Three bones meet to form your knee joint: your thighbone (femur), shinbone (tibia), and kneecap (patella). A meniscus is a C-shaped wedge of rubbery cartilage that sits in the knee joint between the ends of the tibia (shinbone) and femur (thighbone). It is considered the knee’s main shock absorber. Each knee contains a medial (inner) and lateral (outer) meniscus, which together are called menisci (the plural of meniscus). The medial meniscus, on the inside of the knee, absorbs about 50% of impact to the knee joint – thus, it helps to prevent osteoarthritis, especially in somebody who is bowlegged (varus alignment). The role of the medial meniscus is also important in patients who are missing an anterior cruciate ligament (ACL) or who have previously received an ACL reconstruction.  The posterior horn of the medial meniscus serves as a backup to the anterior sliding of the knee, which can cause an ACL reconstruction to fail if the meniscus is not present to act as a bumper. The lateral meniscus absorbs more shock than the medial meniscus.  The lateral meniscus has been noted to absorb about 70% of the impact on the lateral compartment in the knee.  In addition to shock absorption, the lateral meniscus also plays a key role in the protection of an ACL reconstruction and provides stability in the presence of a torn ACL.  In the absence of an ACL and lateral meniscus – there is a significant amount of rotational instability.
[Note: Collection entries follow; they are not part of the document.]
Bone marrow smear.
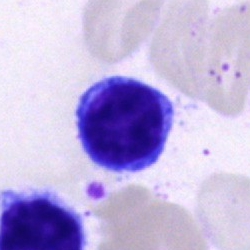Q: What is the morphological classification of this cell?
A: A lymphocyte.
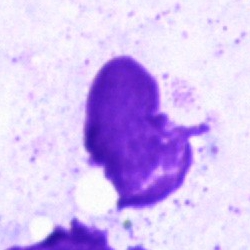
Q: What is shown here?
A: It is an artefact.
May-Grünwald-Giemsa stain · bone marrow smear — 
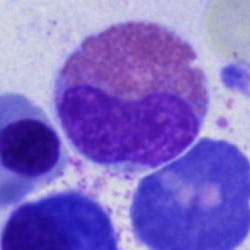The cell shown is an eosinophilic granulocyte.
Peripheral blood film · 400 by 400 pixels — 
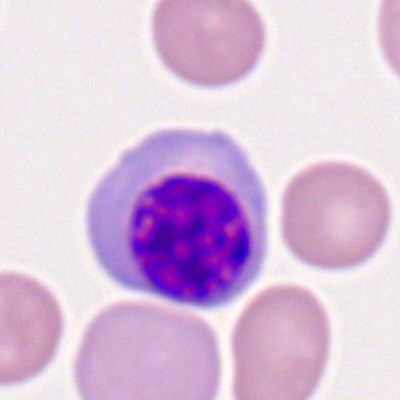 A nucleated red blood cell.
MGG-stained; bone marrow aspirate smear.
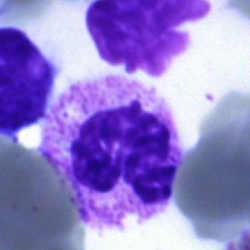 Specimen: bone marrow aspirate smear.
Classification: polymorphonuclear neutrophil.
Lineage: myeloid.
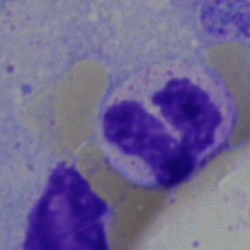
Morphology — neutrophil (segmented).
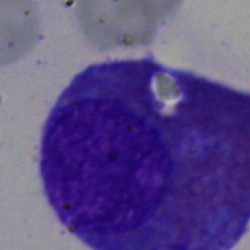 Classification: eosinophilic granulocyte.

WHAT IS A MENISCAL TRANSPLANT?

A meniscal transplant is a surgery to replace a damaged, torn, or missing meniscus. Surgeons usually perform this procedure on people under age 40 or 50 who are physically active and maintain a healthy weight. To be eligible for a meniscal transplant, there must be a missing part of the meniscus or it has a severe tear. Other parts of the knee should not have damage. If there is already arthritis present, and the cartilage in the knee has worn away too much, the procedure might not be successful. This is why for many older patients with this condition, a total or partial joint replacement might be the right option. Allograft tissue for a meniscal transplant (meniscal allograft transplantation – MAT) comes from a human donor, in this case, a cadaver (deceased donor). For allograft preparation, healthy cartilage tissue is taken from the cadaver and frozen. A screening process is done before selecting a possible donor. Someone who knows the donor well is interviewed to help identify risk factors that would prevent the use of the donor tissue. Once selected, the donor tissue undergoes many tests. The safety of the tissue is monitored by the American Association of Tissue Banks and the United States Food and Drug Administration. The tissue is tested for viruses like those that cause HIV/AIDS, West Nile virus, hepatitis B and C, as well as for bacteria. A meniscal transplant is not like a heart or lung transplant, in which “rejection” can occur. Additionally, patients do not need to be on immunosuppressants or other medications after the procedure.